Terrified that if I got clean, if I got healthy, I’d have to face everything I’d been running from. My failed marriage, my absent fatherhood, the fact that I haven’t made a decent movie in 10 years, the fact that I’m 42 years old and I feel ancient, the fact that I don’t know who Elvis Presley is without the pills and the performance and the pretending.

His voice broke on the last word, and Linda heard him crying deep, wrenching sobs that tore through her like knives. I’m so sorry. Linda, I’m sorry I wasted 4 years of your life. I’m sorry I made you watch me destroy myself. I’m sorry I couldn’t be the man you deserved. You gave me everything, your youth, your love, your whole heart, and I just I threw it away.

I threw us away. And I’ve regretted it every single day since you left. Elvis. Linda was sobbing now, too, her heart breaking for the man she’d loved so completely, the man she tried so hard to save. You didn’t waste my time. I loved you. I still love you. But I couldn’t watch you die anymore. I couldn’t keep hoping you’d change when you didn’t want to change.

It was killing me, too. I know, Elvis said quietly. I know. And that’s why you were right to leave. That’s why I called tonight, to tell you that you made the right choice, that you shouldn’t feel guilty, that what happens to me, it’s not your fault. It’s not your responsibility. You tried.

God knows you tried harder than anyone. But I didn’t want to be saved, Linda. I wanted to be loved while I destroyed myself. And that wasn’t fair to ask of you.
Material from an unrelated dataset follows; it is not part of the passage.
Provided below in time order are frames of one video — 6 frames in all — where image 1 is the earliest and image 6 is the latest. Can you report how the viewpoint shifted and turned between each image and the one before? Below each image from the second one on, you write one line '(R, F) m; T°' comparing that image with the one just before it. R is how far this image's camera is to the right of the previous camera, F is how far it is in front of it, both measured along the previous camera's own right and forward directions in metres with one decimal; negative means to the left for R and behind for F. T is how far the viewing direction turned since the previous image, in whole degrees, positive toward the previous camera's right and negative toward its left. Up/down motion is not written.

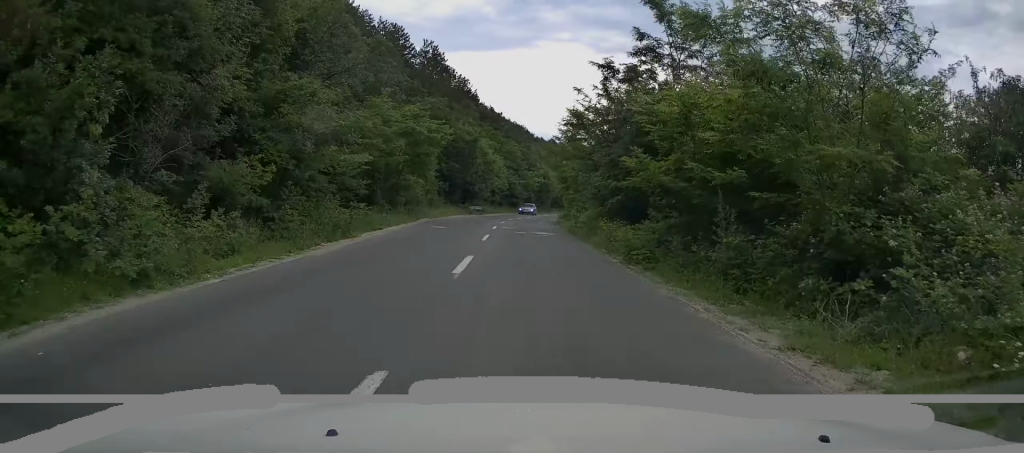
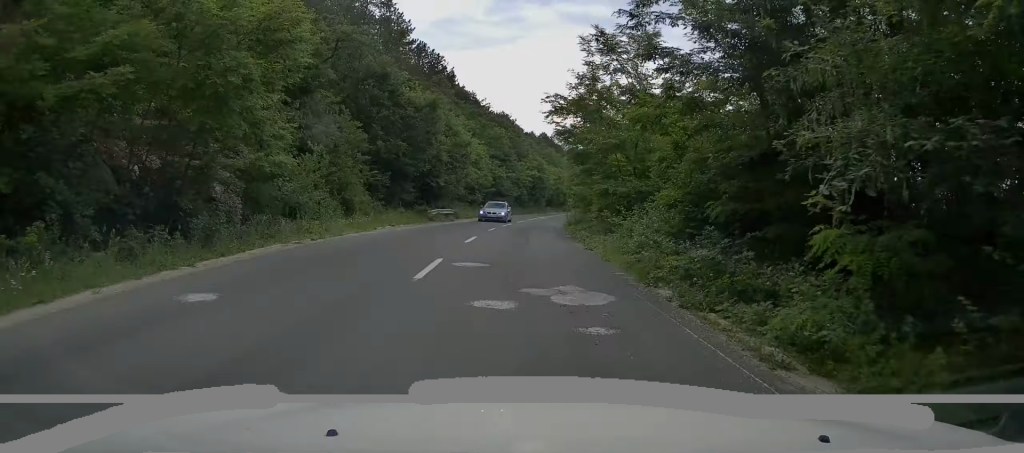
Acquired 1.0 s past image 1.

Linda pressed her hand over her mouth, trying to muffle her sobs. She’d needed to hear this, needed Elvis to release her from the guilt she’d been carrying since the day she left Graceland.

But hearing it hurt more than she’d expected, because it confirmed what she’d always feared. There was nothing she could have done. Elvis had chosen this path, and no amount of love could have stopped him. There’s something else I need to tell you, Elvis said, his voice growing weaker. Something I’ve never told anyone.
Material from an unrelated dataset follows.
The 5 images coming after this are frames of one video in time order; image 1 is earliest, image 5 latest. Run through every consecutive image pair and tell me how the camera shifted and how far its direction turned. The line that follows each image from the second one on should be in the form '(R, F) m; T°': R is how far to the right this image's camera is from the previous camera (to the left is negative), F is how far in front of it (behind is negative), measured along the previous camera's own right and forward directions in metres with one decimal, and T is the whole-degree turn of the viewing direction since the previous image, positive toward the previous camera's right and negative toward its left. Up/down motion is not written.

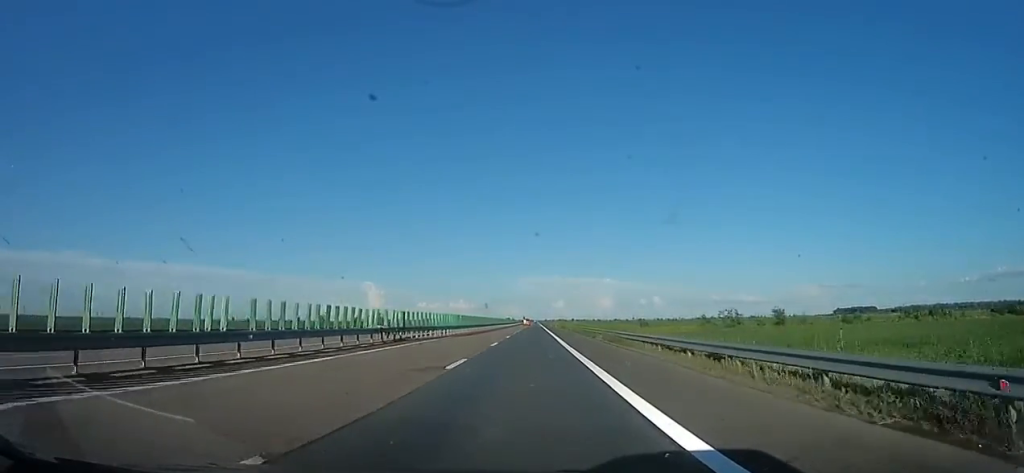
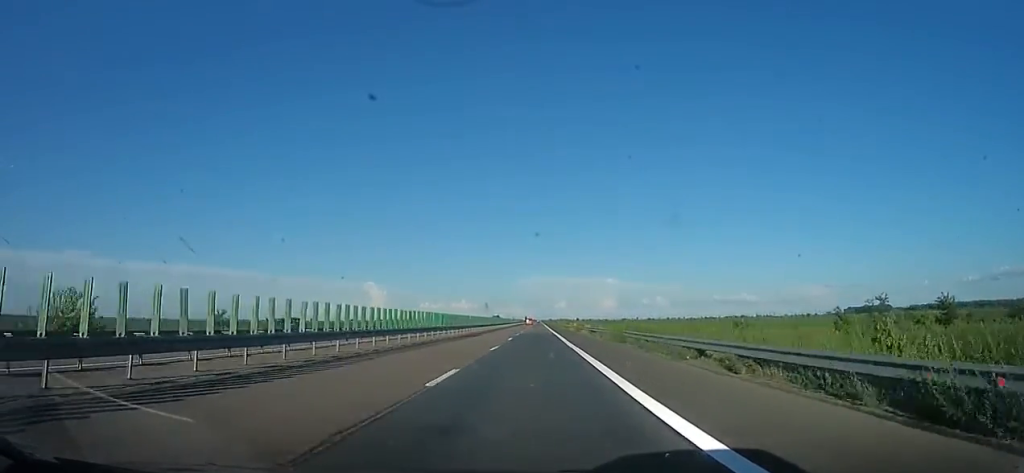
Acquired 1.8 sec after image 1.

Not Priscilla, not my daddy, not even myself, really, until recently. What is it? Linda whispered. Elvis took a long, shaky breath. I don’t want to be Elvis Presley anymore. I haven’t wanted to be Elvis Presley for years. But I don’t know how to be anything else, and I’m too tired to figure it out. So I just keep going, keep performing, keep pretending, keep taking the pills because it’s the only way I can get through another day of being someone I don’t even recognize anymore.

The raw honesty in his words was devastating. This was the truth Linda had sensed all along, but he’d never admitted that Elvis was trapped in a prison of his own fame, unable to escape, unable to be simply human. You could walk away, Linda said desperately. You could retire, move somewhere quiet, be with Lisa Marie, start over. Elvis laughed sadly.